| EXERCISE DETAILS |
Tally up the lines in the following entries where the string "height" appears, and answer with the number alone.

Segment Open

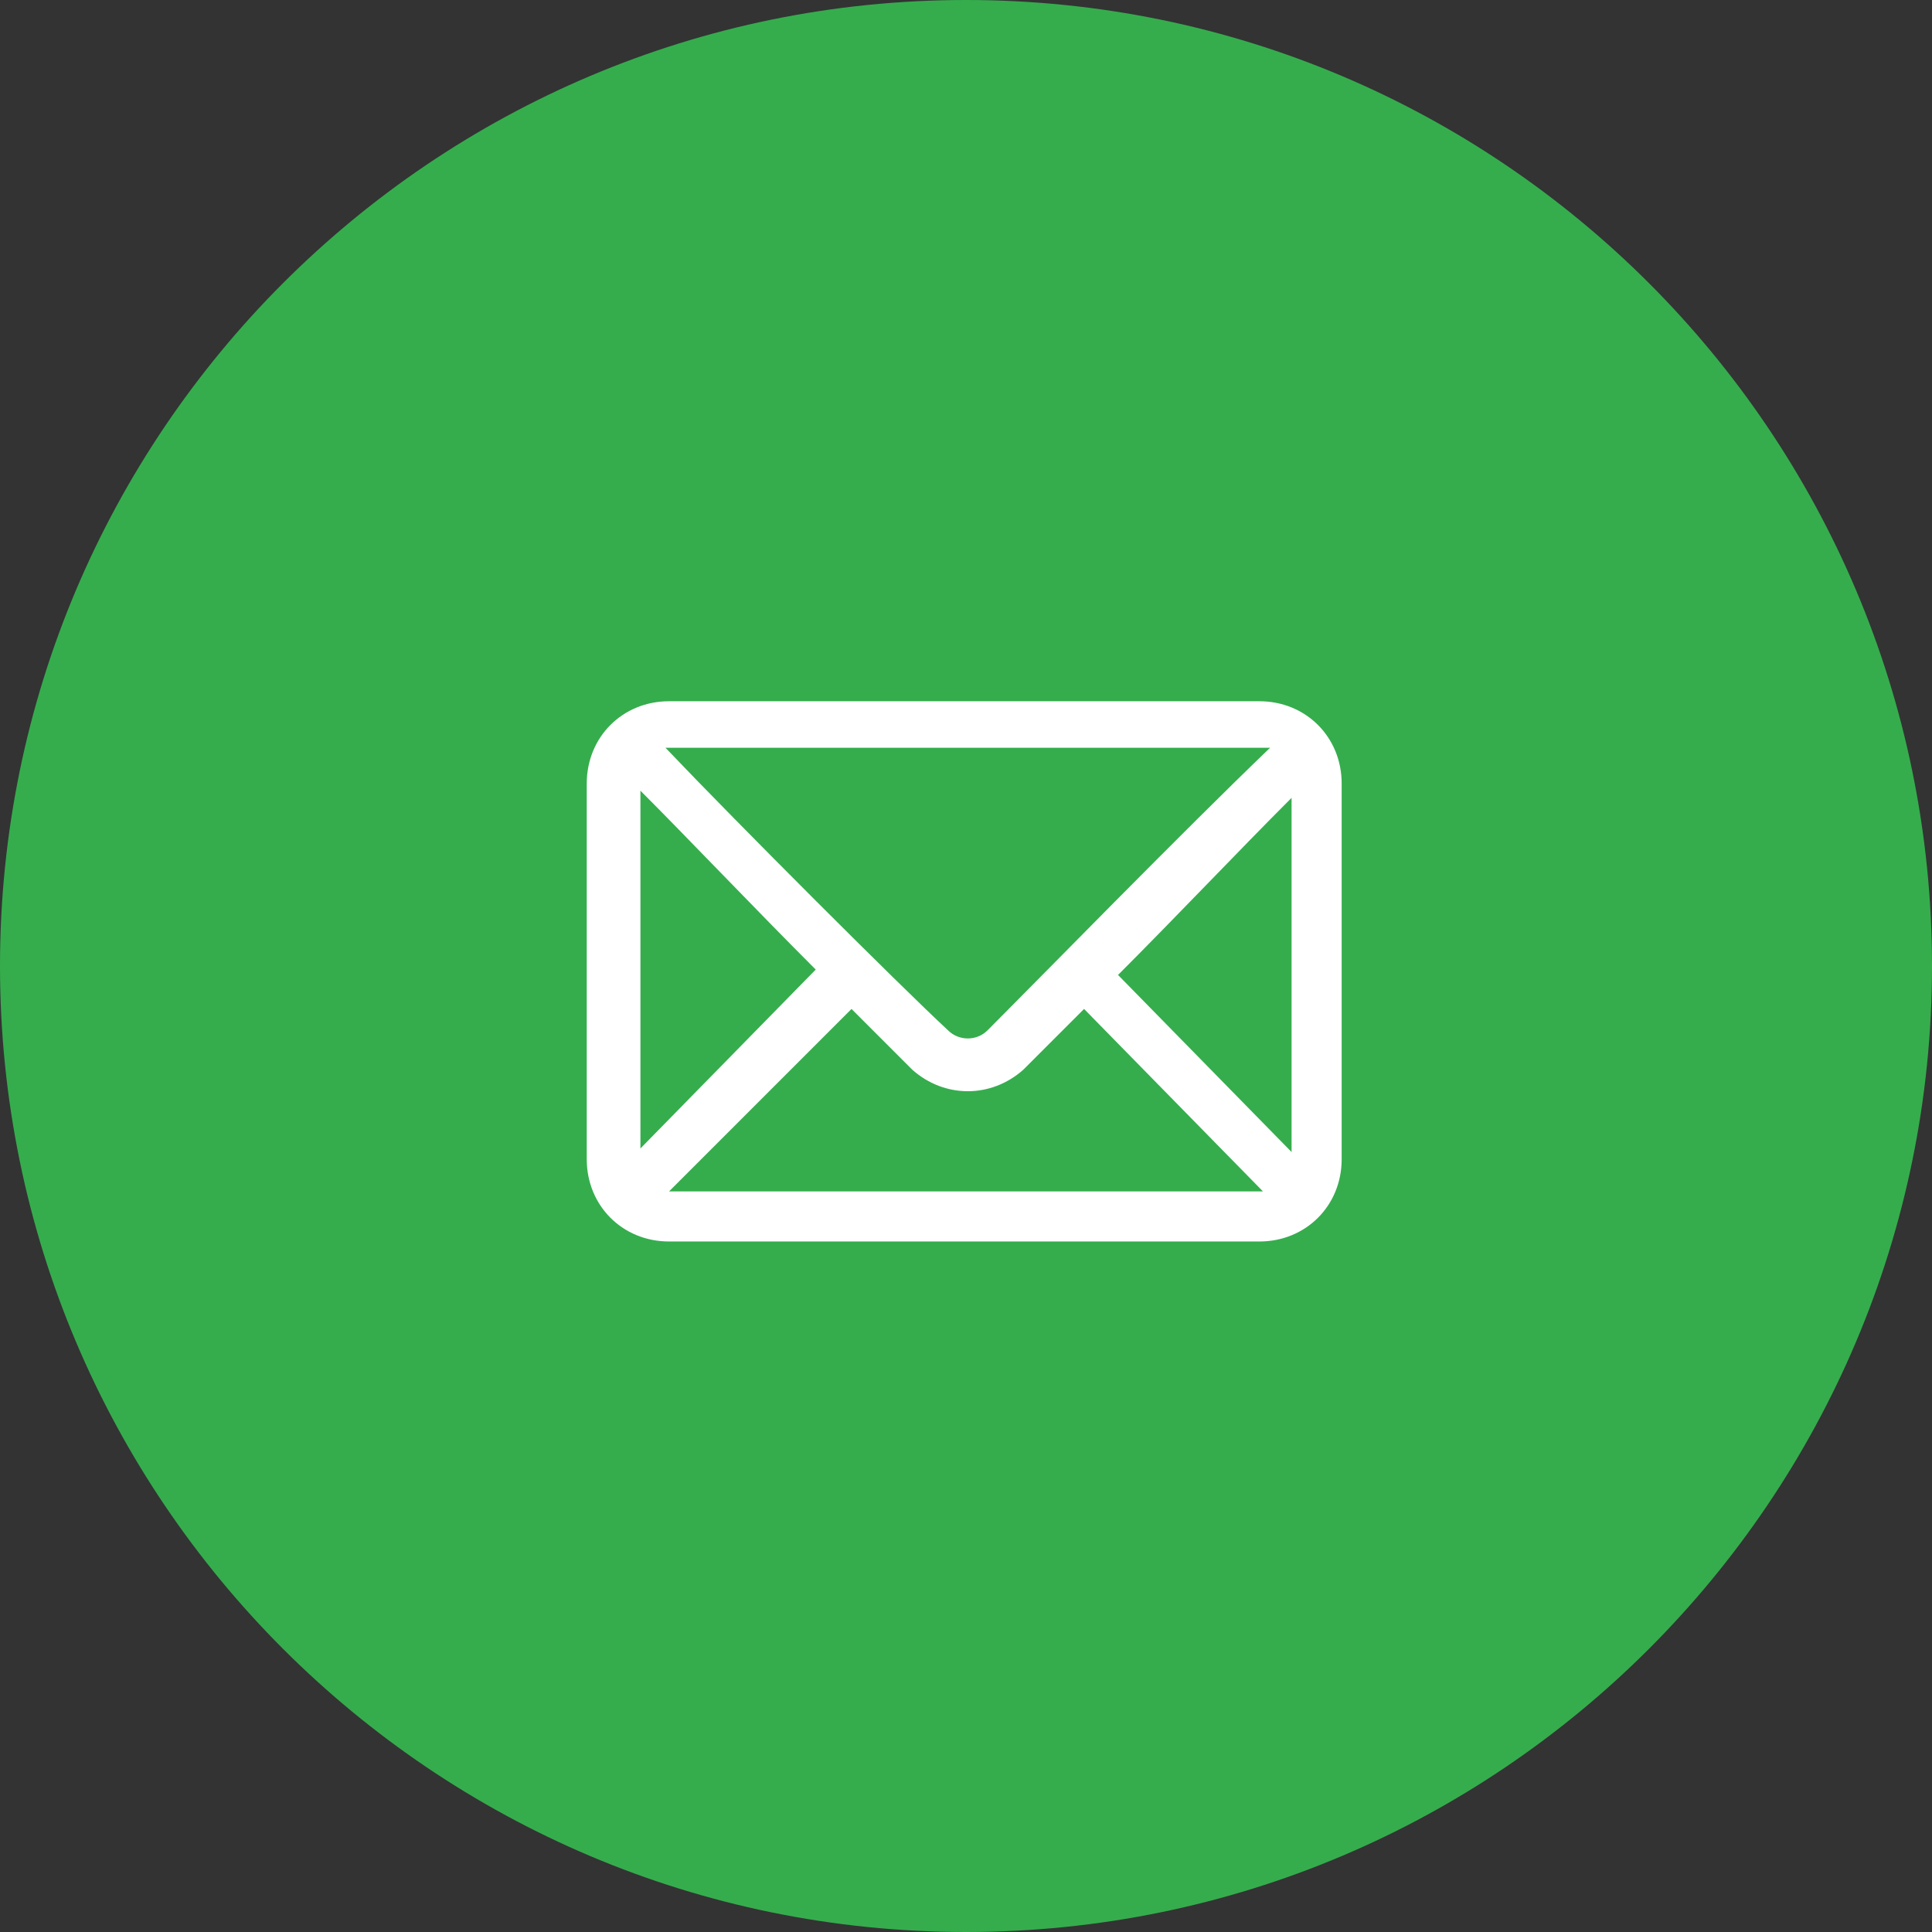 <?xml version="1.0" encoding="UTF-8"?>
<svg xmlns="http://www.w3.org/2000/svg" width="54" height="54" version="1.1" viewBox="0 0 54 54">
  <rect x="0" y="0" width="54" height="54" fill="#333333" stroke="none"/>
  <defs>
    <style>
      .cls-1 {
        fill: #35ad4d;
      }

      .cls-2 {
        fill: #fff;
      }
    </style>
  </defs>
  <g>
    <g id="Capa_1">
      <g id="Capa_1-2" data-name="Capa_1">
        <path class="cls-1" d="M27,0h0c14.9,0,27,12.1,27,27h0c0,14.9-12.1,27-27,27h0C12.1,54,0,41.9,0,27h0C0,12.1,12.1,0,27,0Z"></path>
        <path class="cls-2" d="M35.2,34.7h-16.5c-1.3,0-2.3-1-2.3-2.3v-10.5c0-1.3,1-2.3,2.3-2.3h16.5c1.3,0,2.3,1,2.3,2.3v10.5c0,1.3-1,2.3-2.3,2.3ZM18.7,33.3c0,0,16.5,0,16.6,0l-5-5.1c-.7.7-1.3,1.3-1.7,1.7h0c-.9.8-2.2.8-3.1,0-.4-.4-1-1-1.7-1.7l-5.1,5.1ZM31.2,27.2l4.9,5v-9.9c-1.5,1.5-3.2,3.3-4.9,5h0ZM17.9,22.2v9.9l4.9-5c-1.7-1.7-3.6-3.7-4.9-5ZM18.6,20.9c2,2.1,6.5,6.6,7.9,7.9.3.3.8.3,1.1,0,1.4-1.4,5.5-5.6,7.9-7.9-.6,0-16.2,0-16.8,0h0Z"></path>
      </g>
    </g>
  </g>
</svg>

Segment Closed

| EXPECTED OUTPUT |
2